Ingrezza Shows 48-Week Remission

This analysis was presented at the 2025 Psychiatry Update Conference in Chicago.

"These findings further establish Ingrezza as a highly effective long-term treatment option for individuals living with tardive dyskinesia, regardless of their underlying psychiatric condition, including schizophrenia, schizoaffective disorder or mood disorder," said Eiry W. Roberts, M.D., Chief Medical Officer, Neurocrine Biosciences. "The significant improvements observed in AIMS score and the high remission rates highlight the efficacy of Ingrezza, at even the lowest dose."

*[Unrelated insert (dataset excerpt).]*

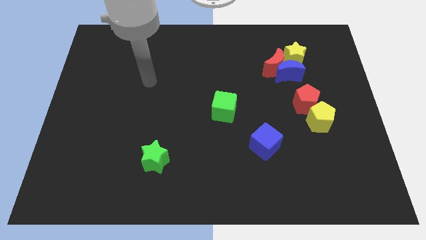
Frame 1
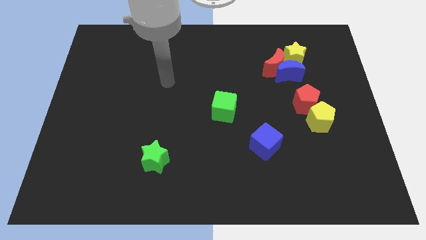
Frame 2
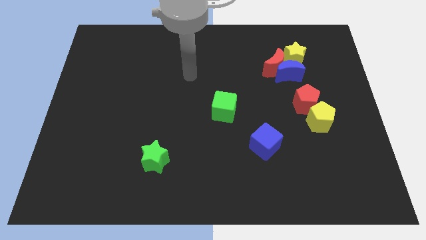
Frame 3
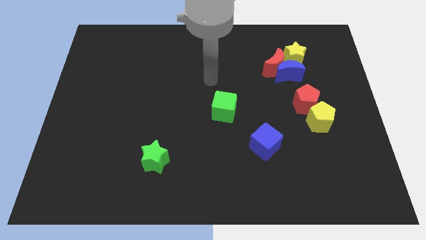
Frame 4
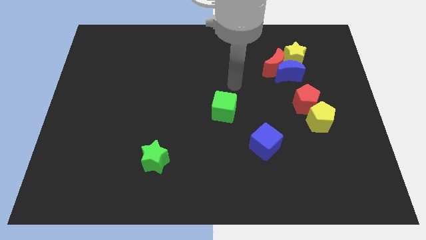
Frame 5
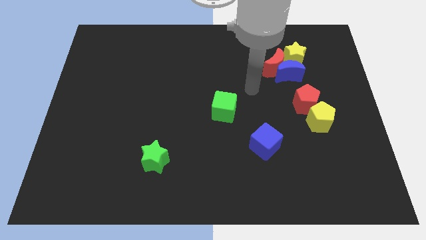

The post-hoc analysis was conducted using data from 103 participants who reached the final Week 48 visit in the KINECT 4 clinical trial and assessed a proposed threshold for remission of tardive dyskinesia (TD) symptoms using the Abnormal Involuntary Movement Scale (AIMS). The threshold for remission was defined as an AIMS item score of ≤1 (rating of "none" or "minimal") in each of the seven body regions (items 1-7). The percentage who met the threshold for remission was analyzed by dose (40 mg and 80 mg) and by psychiatric diagnosis (schizophrenia or schizoaffective disorder, mood disorder).

A majority of participants who received 48 weeks of once-daily Ingrezza reached the threshold for remission of TD while on treatment, regardless of underlying psychiatric diagnosis or dose: i) 59.2% (61/103) of participants who completed the study achieved remission, including 58.6% (17/29) of participants on the 40 mg dose and 59.5% (44/74) of participants on the 80 mg dose. Both 40 mg and 80 mg doses of Ingrezza showed significant improvements in AIMS total scores, with mean baseline scores of 12.4 (40 mg) and 15.1 (80 mg) decreasing to 2.1 and 2.5, respectively, at Week 48. ii) Remission rates were consistent across psychiatric diagnoses, with 57.7% (41/71) of participants with schizophrenia or schizoaffective disorder and 62.5% (20/32) of participants with mood disorders achieving remission. iii) Substantial Long-Term Improvements in Tardive Dyskinesia With Valbenazine 40 mg (from additional poster presentation at the 2025 Psychiatry Update Conference).

KINECT 4 is a Phase III, open-label study, in which 163 participants with moderate to severe TD and underlying schizophrenia, schizoaffective disorder or mood disorder (including bipolar disorder or major depressive disorder) received 48 weeks of open-label treatment with once-daily Ingrezza (40 mg or 80 mg capsules) followed by a four-week washout. Dosing was initiated at 40 mg/day in all participants, with escalation to 80 mg/day at Week 4 based on effectiveness and tolerability. Dose reduction to 40 mg was allowed in participants who could not tolerate the 80 mg dose. Participants were discontinued if the new dose was not tolerated.

Participants experienced TD improvements during long-term treatment as demonstrated by mean change from baseline to Week 48 in AIMS total score (sum of items 1-7, evaluated by site raters) with Ingrezza 40 mg/day (-10.2) or 80 mg/day (-11.0). Consistent with previous studies, Ingrezza was generally well tolerated. After Week 4, treatment emergent adverse events (TEAEs) that occurred in ≥ 5% of all participants (combined dose groups) were urinary tract infection (8.5%) and headache (5.2%). Changes from baseline in psychiatric stability, vital signs, electrocardiogram parameters and laboratory test values were generally small and not clinically significant.